Her sister Maria, suddenly not an only child anymore, doesn't like Zsuzsi's presence. Margit tries to tell Zsuzsi that Teri was not her "mama," but Zsuzsi is homesick, keeping her belongings in her suitcase. After she runs off again, Peter offers her a deal: when she is older, he will buy her a ticket to Hungary, if she still wants to go, but first she must try to adjust.

 With Sheila, teenaged Suzanne sneaks out to park, neck, and drink with her older boyfriend Paul. Margit forcibly pulls her back home. Now eighteen, Maria tries to advise Suzanne, but Maria admits she wants to marry and escape their parents. Peter must travel to Dallas for work. Suzanne stays out all night with Paul. At Margit's admonishment, Susanne shouts, "I hate you!" Margit installs bars over Suzanne's bedroom window, and a lock outside her door – "I won't let you ruin your life." Paul knocks on Suzanne's window; Margit threatens to call the police. Suzanne starts shouting "Mom, open the door!" but Margit puts on the vacuum to drown her out. Suzanne loads and fires the rifle she just found while looking for her old suitcase. Arriving home, Peter hears shots fired and confronts Suzanne, who apologizes the next morning. She declares she must go to Budapest. Margit protests, "in Hungary, people disappear for saying the wrong word? And you shoot up your room!" Suzanne reminds Peter of his promise.

Zsuzsi reunites at Jeno's and Teri's new Budapest flat, since "a government big shot" commandeered their village home. First-hand, she witnesses the terrible conditions in communist Hungary. Suzanne tells her grandmother Helen about Paul, lamenting how she makes everyone unhappy. Asked why Margit hated Budapest, Helen explains, drunken Russian soldiers wanted young Margit, and killed her father for intervening. Margit vowed to leave for a better world for her children. Zsuzsi tells Jeno and Terri, "I love you," but "this is no longer my home." Helen's mansion now houses "ten or twelve" different families. Helen also recounts her prison years. Suzanne asks, "What do I do?" Helen replies that she already knows, and "We all made mistakes out of love."

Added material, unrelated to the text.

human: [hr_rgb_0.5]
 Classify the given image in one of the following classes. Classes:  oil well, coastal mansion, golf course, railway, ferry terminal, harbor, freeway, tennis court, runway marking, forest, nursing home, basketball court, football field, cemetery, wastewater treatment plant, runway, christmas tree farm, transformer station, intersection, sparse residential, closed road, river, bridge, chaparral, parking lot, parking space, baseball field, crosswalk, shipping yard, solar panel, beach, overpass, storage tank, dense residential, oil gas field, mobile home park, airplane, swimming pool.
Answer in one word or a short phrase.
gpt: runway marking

 Suzanne returns to L.A. where Margit says she is proud of her "brave girl." Suzanne counters, "You're brave....Hi mom."

==Reception==
An American Rhapsody received mixed reviews, currently holding a 51/100 rating on Metacritic based on 22 critics, indicating "mixed or average" reviews. Rotten Tomatoes gives the film a 56% approval rating based on 61 reviews, with an average rating of 5.61/10. The website's critics consensus reads, "Though obviously a labor of love, American Rhapsody is an uneven, heavy-handed effort, particularly in the second half".